I loved that Rev. Dr. Holder talked about praying for those who had harmed others, particularly because of gun violence. Seeing our new MCJCC director in person, in positive gear with a smile on his face, was its own reward.

The song that we sang together, “Lift Every Voice and Sing,” was rewarding and uniting. The moment that followed became fun when we, the audience, couldn’t quite master the song “We’ve Come This Far By Faith” the way it was meant to sound. Holder came back up to the microphone to sing it how it was intended. She led us beautifully and we followed.

Another memorable moment was when Lewis Whiteside, Jr. introduced our guest speaker and his father, Lewis Whiteside, Sr. Both messages were inspiring. Perfect for Juneteenth and perfect for Father’s Day.

The food was delicious. No complaints about a thing. Everything went smoothly and professionally as did the basketball tournament to follow. Pictures will be posted soon on social media.

The music by Sohcahtoa made me long for a hammock to just while the afternoon away. While I didn’t have the hammock, I was content to sway in my seat! Three young men, Kenyon Galloway, Michael Prey and Cyril Foster, played like they were seasoned musicians who’d been together for decades. They were amazing really. Their style was a mix of progressive-rock, jazz and funk.

In other news, for those of you who may be interested in co-ed aerobics or martial arts lessons (private, semi-private or open) you can reach out to Malford Jeter, Jr. at (828) 230-4832. Lessons will be held at the Bethel “A” Baptist Church.

I will leave you until the next time with Carla’s poem.

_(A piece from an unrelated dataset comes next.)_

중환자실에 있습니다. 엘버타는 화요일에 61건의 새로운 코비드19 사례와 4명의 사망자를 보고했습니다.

Rosenwald (A Children’s Song)

By Carla Wilson Avery

Our hills rang when children played,

When children laughed,

When children sang.

“Down, down baby,

Down by the roller coaster…“

The mammoth–like stone building

Atop the hill awakened with Miss Mills.

The children learned.

The children left.

The hulking rock behemoth no longer dreams.

“Sweet, sweet baby,

I’ll never let you go…”

The children learned; some returned.

Nicky? So proud of you.

Lois, Linda and Sheila received our young.

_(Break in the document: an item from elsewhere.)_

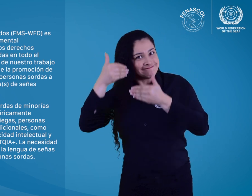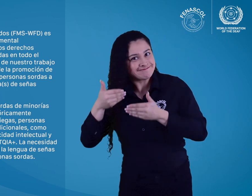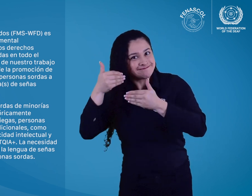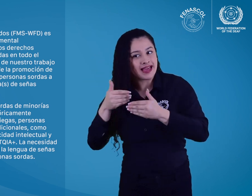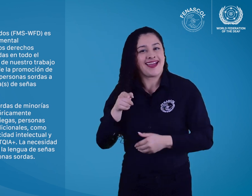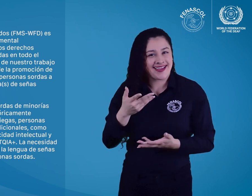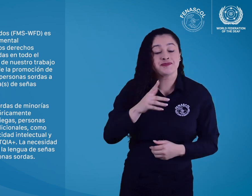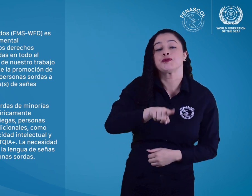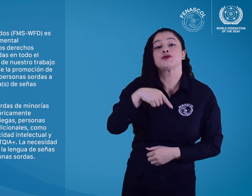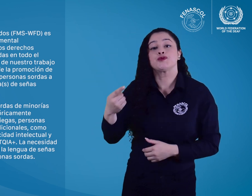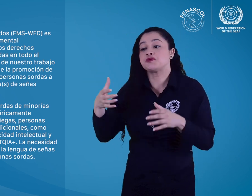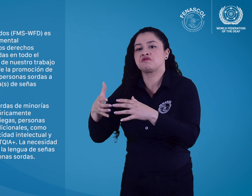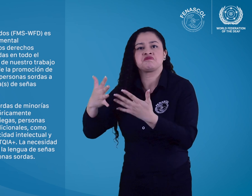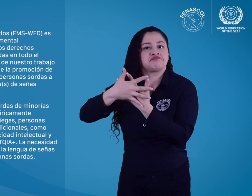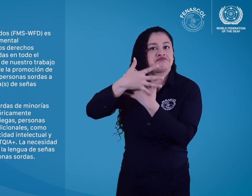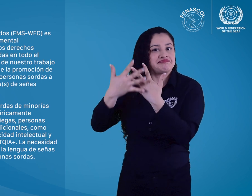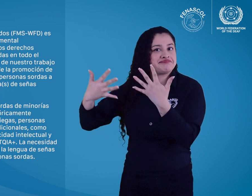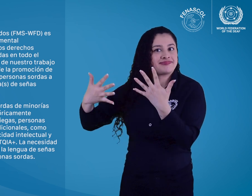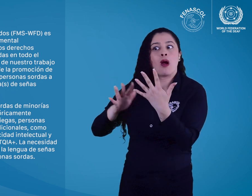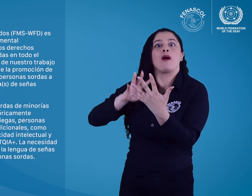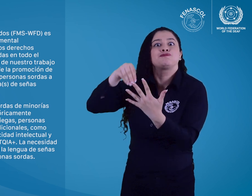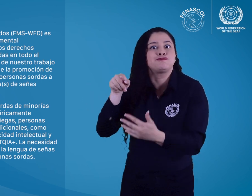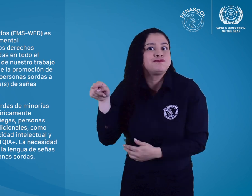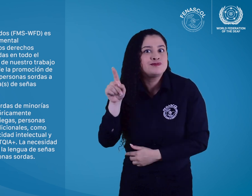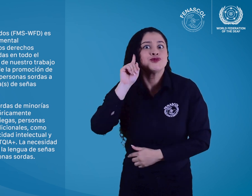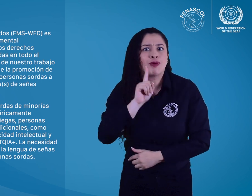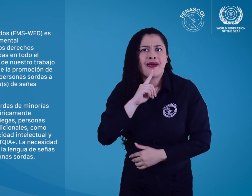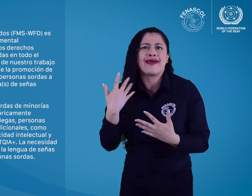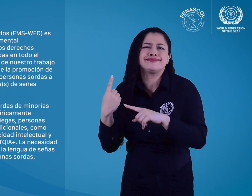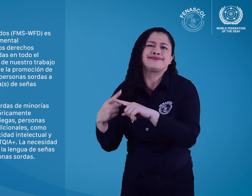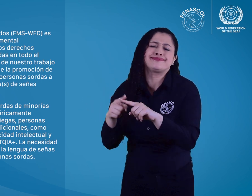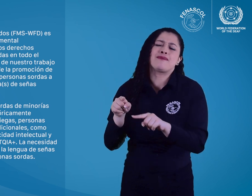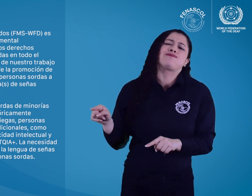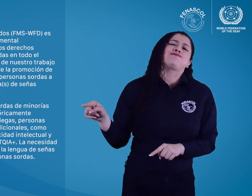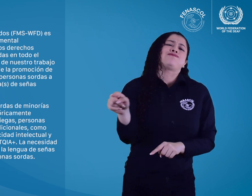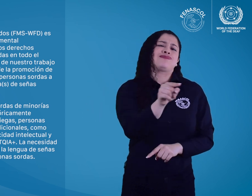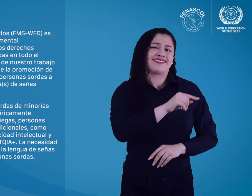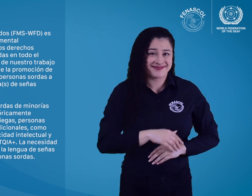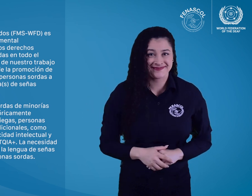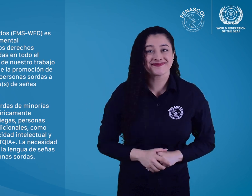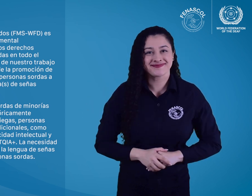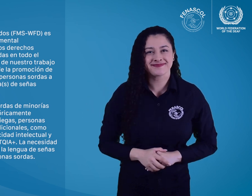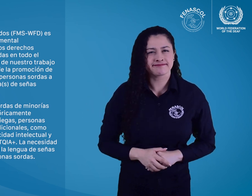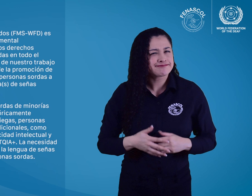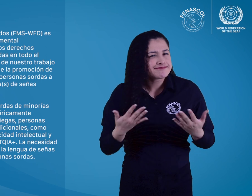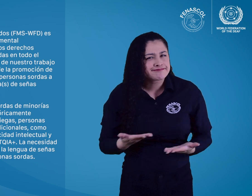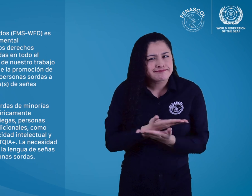y personas sordas que son parte del grupo LGBTQIA+.

Eloise, Gwen, where did you go?

Sissy? Sing for us, again..

“Jimmy, Jimmy Cocoa–Pop!

Jimmy, Jimmy Pop!”

Remember Double-Dutch on the playground.

Remember new bikes for Christmas.

Remember the heel-to-toe heartbeat thumping in Bethel on Sunday mornings.

Remember Hot weenies and fireball candy at Mr. Sherman’s store!

“I looked down the street,

And what did I see?”

Change has come and revealed its two

Faces of life and death.

Our empty, ramshackle yesterdays,

Now squared against fresh siding, concrete and neighbors whose dreams are only

Whispers away.

“I saw a Chubby Checker

Tryin’ to outtwist me.”

Bright, young faces with toothy, big grins wear afros and beautiful locks, bobbing their heads to the bass in their ears.

The sleeping giant yet lives, though, seemingly forgotten and greatly unsung. Perhaps, someday, ours may hear a siren call beckoning their triumphant homecomings, bringing their young to rouse the remnants of remembrance..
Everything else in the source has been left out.